We take a unique approach to the study of renal transport of the broad chemical classes of compounds referred to as ‘organic anions’ ‘and organic cations’ involves. Recognizing that the renal proximal tubule can coexpress a large number of transporters with overlapping specificity for these compounds, we first study the activity of individual cloned transporters in heterologous expression systems, and then use the data so obtained to design studies employing isolated single renal tubule segments.

This approach has permitted development of a a map of the functional distribution of individual transport proteins along the length of the proximal tubule, and an understanding of the relative role played by selected transport proteins in the overall secretion of selected drugs and toxins. In addition, we employ computational methods to develop quantitative structure activity relationships (QSARs) of the molecular determinants of substrate interaction with selected transport proteins, and are combining the information gained from this approach to parallel efforts to models of the 3D structure of these proteins.

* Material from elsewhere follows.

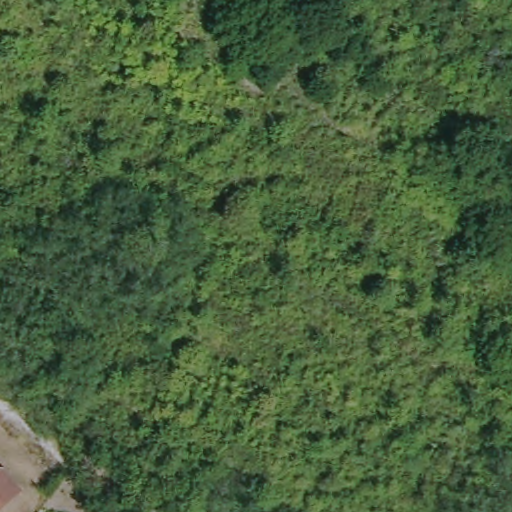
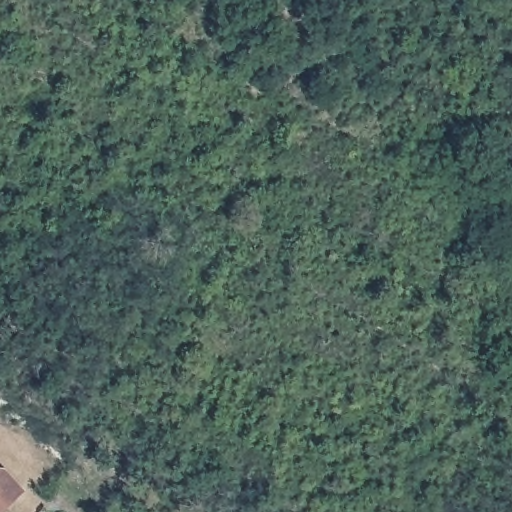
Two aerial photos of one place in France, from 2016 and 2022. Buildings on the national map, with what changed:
unchanged [(9,476),(27,493),(8,512),(0,512),(0,463),(1,474),(9,476)]

The kidney plays a central role in clearing from the body toxic metabolites and xenobiotic compounds. This function is achieved through the concerted activity of a suite of transport proteins. However, these transport processes are also the site of dangerous drug interactions and can serve as avenues of entry into kidney cells of chemicals that can exert nephrotoxicity. Our studies are directed toward development of predictive models of drug and toxicant interaction with specific transport proteins, placed into the context of a map of their functional distribution within the kidney. These results are contributing to the design and application of drugs to treat a vast array of human diseases.